• _DIRECTIONS FOR THIS TASK_
Only one span of the material below is wanted. Output it exactly, from the line with "Time of day: Midday" through the line with "Font: Roboto_Condensed_SemiBold", without any pictures.

• _DATASET ENTRIES_
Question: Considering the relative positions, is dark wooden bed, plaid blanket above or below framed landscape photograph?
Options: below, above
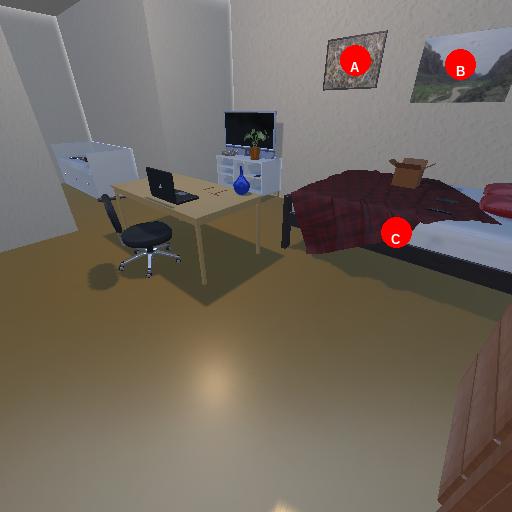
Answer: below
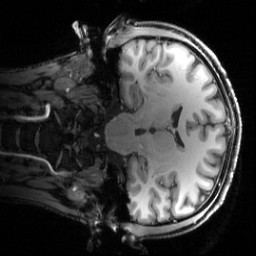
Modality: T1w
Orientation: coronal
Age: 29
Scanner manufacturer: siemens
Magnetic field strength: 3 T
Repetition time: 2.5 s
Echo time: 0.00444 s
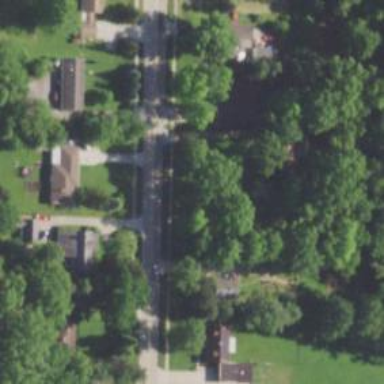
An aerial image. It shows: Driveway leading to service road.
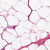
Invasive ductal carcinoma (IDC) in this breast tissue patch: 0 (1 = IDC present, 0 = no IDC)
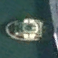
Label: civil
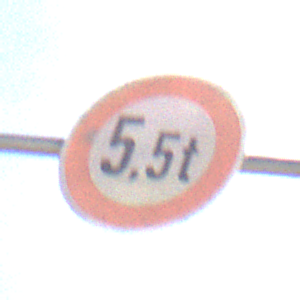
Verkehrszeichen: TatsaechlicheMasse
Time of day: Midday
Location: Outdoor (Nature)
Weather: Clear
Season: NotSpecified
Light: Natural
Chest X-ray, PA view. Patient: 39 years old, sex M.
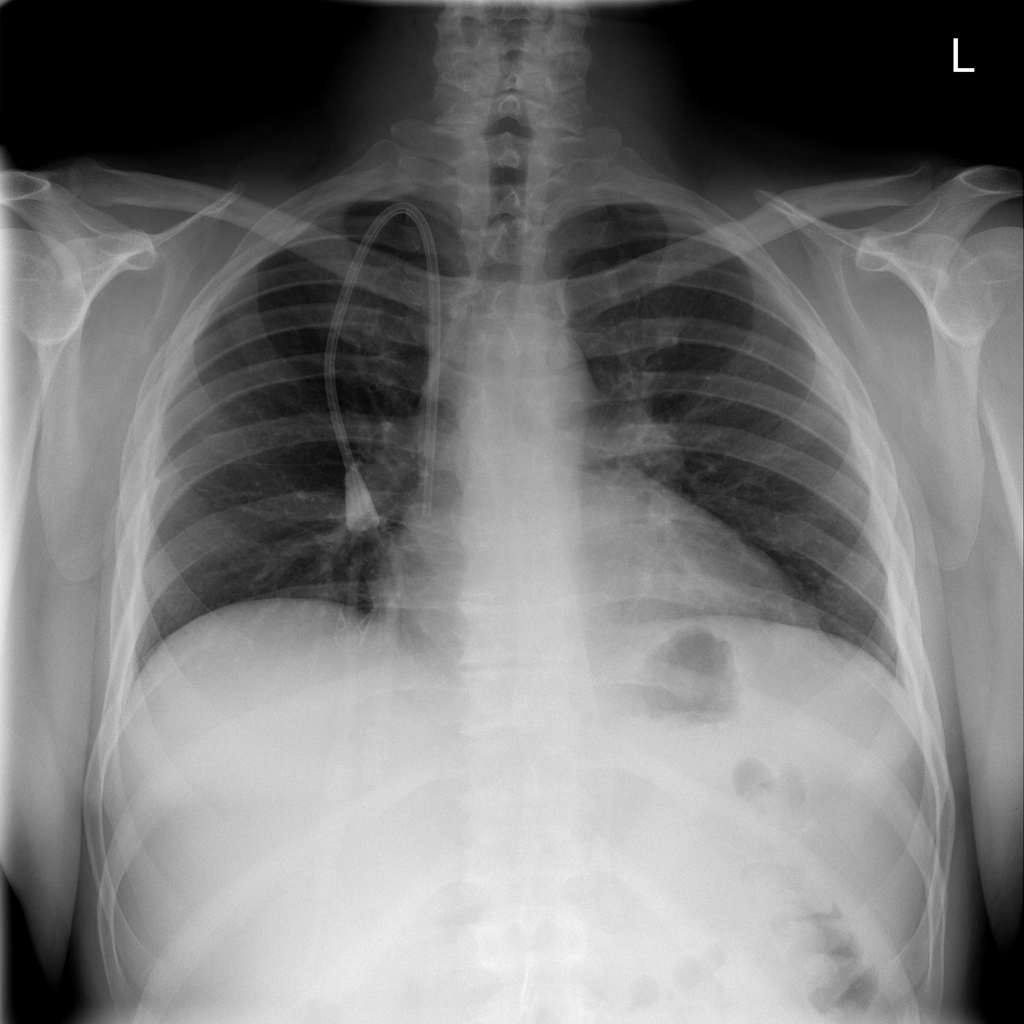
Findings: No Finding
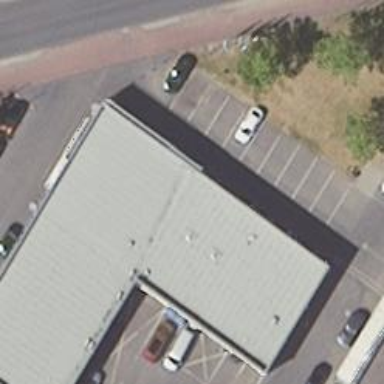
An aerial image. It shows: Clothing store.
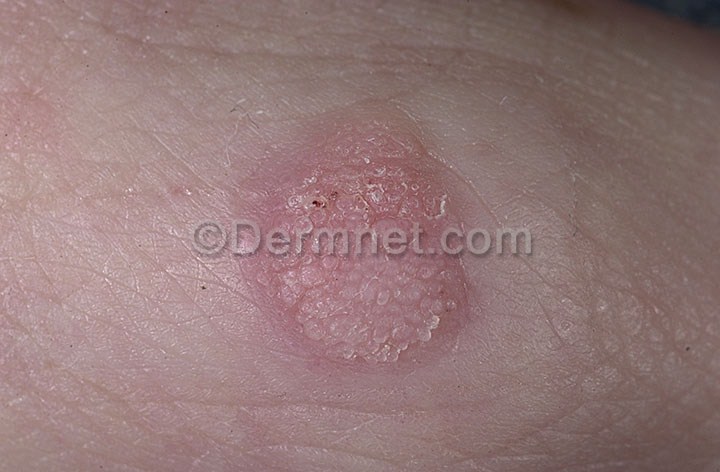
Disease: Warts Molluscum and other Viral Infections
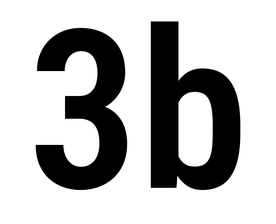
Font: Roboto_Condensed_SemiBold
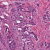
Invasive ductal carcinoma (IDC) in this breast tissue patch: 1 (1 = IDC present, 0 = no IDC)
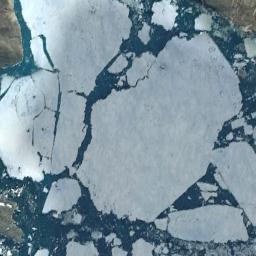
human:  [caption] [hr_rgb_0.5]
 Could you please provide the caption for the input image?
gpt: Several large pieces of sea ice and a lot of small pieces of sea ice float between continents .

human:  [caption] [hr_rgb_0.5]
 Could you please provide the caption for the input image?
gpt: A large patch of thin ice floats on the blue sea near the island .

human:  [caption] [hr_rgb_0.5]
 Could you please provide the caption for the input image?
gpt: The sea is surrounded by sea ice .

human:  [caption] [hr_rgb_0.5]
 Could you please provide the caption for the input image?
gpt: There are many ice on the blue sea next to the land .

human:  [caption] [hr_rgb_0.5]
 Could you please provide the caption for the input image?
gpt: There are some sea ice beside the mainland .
* * *
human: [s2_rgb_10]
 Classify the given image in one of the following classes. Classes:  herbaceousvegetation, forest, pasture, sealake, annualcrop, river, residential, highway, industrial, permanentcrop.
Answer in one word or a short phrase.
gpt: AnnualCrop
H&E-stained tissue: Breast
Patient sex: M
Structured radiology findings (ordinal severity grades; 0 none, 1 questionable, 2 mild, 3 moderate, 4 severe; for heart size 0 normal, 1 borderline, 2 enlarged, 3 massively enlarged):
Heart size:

• _OUTPUT FOR THIS EXERCISE_
Time of day: Midday
Location: Outdoor (Nature)
Weather: Clear
Season: NotSpecified
Light: Natural
Chest X-ray, PA view. Patient: 39 years old, sex M.
Findings: No Finding
An aerial image. It shows: Clothing store.
Disease: Warts Molluscum and other Viral Infections
Font: Roboto_Condensed_SemiBold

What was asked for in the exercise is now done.